Black sheriff: If Black lives mattered, people would protest at abortion clinics


CNN’s Poppy Harlow interviewed Milwaukee Sheriff David Clarke about the recent protests that some in the Black community have sparked after the police related deaths of Michael Brown and Eric Garner.

Harlow asked the Sheriff, who has been on several news shows like Fox and others, about a tweet he sent out implying that if Black lives mattered, the protesters would be outside abortion clinics because of the high numbers of black babies killed by abortion.

The tweet sent by Sheriff Clarke, a Black man himself, was sent to Mitch Smith, a journalist in the Chicago bureau of The New York Times, which read, “If only these faux protesters were asked by media about all the black on black killing or black babies aborted in US every year.“

Sheriff David Clarke
Sheriff David Clarke speaking at the 2017 Conservative Political Action Conference (CPAC) in National Harbor, Maryland. (Gage Skidmore)


While the sheriff has a point, his response could be labeled a “strawman” argument – BLM was originally founded to fight against disproportionate incarcerations of Black people and police shootings of unarmed young Black men.  While many positions exist on these two primary topics, many in the press and those who oppose BLM have morphed their mission statement into something completely different.  Their own ranks have served to alter their course as well, screaming things like, “What do we want?  Dead cops! When do we want it?  Now!”  That’s a far cry from their acclaimed initial mission statement.

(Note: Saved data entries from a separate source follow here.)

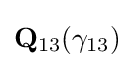
\mathbf {Q} _{13}(\gamma _{13})
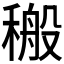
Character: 𮃝
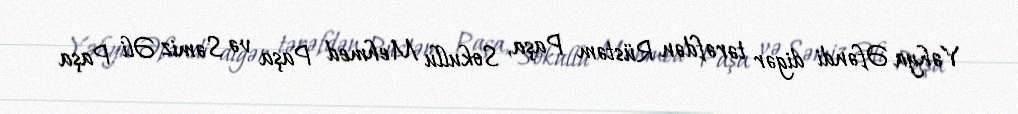
Yəhya Əfəndi digər tərəfdən Rüstəm Paşa, Sokullu Mehmed Paşa və Səmiz Əli Paşa
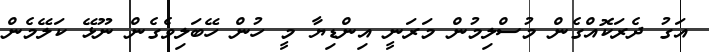
އަގު ދެރަކޮއްގެން މުސްލިމުން މަރަނީ އިންޑިޔާ މީ ހުން ހޭބަލިވެގެން ނޫޅޭ ކަލޭމެން
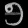
Digit: ၅

For many, it is believed that BLM was founded on a series of false narratives.  Michael Brown wasn’t standing in place with his hands up and surrendering to Officer Wilson that day in Ferguson, Missouri.  That was proven by multiple autopsies and the admittedly false testimony by Brown’s friend.  Then Attorney General Eric Holder read and discussed the autopsy results live on air and explained that the original narrative was false – although many people chose not to believe the forensics and facts (or AG Holder), as they were already convinced of their narrative.  That’s the problem with social media and a press that lacks integrity – the fake story is out there fanning flames and inciting riots, and then the truth comes out later… and by then, no one cares.

Eric Garner
Eric Garner’s supposed “hands up, don’t shoot!” statement turned out to be another farce. (Screenshot – YouTube)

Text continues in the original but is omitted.